Data to process

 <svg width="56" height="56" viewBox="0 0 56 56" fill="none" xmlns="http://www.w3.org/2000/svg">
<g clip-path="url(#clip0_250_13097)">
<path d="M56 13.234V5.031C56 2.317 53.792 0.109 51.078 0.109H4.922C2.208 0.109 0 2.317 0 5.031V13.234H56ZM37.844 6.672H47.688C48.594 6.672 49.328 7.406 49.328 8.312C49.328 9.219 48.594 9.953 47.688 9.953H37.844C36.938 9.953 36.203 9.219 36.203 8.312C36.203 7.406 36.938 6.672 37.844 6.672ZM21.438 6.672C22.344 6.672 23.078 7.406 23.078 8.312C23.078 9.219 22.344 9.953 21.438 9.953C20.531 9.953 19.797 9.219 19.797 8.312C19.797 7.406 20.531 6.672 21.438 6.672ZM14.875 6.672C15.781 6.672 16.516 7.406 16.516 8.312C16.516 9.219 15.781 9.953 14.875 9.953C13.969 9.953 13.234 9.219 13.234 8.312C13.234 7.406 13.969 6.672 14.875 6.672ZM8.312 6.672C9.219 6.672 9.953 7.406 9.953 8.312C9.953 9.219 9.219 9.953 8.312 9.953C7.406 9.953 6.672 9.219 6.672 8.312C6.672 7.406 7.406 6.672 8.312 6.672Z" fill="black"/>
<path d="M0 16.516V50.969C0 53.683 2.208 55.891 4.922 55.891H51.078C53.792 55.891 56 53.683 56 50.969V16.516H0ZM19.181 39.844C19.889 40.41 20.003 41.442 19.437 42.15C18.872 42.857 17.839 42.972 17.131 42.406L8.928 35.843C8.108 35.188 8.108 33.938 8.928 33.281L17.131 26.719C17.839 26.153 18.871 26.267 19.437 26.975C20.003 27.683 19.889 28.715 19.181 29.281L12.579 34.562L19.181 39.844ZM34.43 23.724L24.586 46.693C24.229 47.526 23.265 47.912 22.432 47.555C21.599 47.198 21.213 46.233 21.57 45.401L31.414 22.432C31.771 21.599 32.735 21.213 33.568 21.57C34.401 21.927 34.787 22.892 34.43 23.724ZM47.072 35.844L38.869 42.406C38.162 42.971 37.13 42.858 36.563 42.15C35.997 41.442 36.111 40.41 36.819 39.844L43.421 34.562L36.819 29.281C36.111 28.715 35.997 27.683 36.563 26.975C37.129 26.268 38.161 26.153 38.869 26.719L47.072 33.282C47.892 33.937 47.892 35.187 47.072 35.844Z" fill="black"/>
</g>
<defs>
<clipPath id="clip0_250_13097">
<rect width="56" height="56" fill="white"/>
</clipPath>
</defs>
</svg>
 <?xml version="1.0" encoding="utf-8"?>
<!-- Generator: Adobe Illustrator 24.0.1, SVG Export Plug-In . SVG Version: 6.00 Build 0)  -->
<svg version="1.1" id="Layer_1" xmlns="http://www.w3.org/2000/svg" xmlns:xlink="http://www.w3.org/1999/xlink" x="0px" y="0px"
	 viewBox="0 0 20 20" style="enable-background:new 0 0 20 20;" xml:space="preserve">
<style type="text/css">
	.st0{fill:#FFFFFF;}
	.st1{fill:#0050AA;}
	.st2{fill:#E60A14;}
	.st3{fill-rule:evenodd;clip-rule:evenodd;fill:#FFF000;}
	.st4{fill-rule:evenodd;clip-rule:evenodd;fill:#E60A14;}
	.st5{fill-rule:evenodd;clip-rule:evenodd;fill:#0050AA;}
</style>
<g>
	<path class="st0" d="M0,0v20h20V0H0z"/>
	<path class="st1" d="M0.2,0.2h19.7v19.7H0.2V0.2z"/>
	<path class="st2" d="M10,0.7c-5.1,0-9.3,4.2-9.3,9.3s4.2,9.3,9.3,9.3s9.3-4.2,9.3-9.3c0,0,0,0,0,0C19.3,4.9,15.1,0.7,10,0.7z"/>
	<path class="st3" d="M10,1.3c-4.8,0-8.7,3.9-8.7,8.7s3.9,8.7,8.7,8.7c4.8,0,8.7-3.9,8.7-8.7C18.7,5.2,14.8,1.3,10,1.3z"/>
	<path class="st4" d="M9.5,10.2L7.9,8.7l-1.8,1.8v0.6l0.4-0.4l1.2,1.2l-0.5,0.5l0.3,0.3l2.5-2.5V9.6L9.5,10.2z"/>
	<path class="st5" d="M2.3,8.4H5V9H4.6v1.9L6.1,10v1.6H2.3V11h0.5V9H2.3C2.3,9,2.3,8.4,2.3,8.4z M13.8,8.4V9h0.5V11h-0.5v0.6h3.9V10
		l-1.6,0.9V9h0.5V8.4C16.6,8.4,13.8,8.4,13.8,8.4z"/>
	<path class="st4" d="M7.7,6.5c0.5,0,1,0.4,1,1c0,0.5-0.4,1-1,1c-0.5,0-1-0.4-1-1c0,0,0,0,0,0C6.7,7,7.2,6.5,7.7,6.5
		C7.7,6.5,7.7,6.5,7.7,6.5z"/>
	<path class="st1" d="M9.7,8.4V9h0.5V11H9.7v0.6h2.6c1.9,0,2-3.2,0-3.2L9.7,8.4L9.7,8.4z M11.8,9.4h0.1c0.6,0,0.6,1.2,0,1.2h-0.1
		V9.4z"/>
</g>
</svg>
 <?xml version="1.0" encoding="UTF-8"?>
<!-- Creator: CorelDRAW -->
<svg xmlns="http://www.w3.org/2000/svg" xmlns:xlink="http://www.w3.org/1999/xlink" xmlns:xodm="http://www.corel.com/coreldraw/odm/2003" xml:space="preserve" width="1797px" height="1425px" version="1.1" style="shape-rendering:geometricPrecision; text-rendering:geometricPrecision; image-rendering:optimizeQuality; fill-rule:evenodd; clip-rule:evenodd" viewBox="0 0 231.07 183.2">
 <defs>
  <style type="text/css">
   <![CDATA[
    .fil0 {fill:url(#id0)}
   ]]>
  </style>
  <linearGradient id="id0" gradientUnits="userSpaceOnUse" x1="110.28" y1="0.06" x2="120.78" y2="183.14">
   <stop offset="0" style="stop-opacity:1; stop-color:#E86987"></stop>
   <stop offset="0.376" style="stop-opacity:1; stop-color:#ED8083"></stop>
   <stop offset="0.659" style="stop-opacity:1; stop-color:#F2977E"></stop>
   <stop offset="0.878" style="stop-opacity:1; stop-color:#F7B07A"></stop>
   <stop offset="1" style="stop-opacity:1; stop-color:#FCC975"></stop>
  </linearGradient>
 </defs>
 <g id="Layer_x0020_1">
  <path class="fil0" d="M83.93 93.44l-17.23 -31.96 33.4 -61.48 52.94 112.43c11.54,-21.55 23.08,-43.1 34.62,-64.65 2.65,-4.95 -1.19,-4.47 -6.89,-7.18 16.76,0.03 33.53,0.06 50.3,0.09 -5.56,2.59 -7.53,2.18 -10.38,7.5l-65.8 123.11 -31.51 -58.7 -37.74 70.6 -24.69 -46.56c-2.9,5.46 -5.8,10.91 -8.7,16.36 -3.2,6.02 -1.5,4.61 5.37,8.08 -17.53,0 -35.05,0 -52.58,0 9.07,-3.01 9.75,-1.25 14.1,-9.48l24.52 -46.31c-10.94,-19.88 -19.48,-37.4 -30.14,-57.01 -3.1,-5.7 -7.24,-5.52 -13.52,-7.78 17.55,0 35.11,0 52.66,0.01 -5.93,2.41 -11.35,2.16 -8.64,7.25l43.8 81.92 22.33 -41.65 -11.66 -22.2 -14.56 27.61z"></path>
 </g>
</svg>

Assigned task
Filter the entries down to the lines holding the string "clipPath". Copy each of those lines.

Result below
<clipPath id="clip0_250_13097">
</clipPath>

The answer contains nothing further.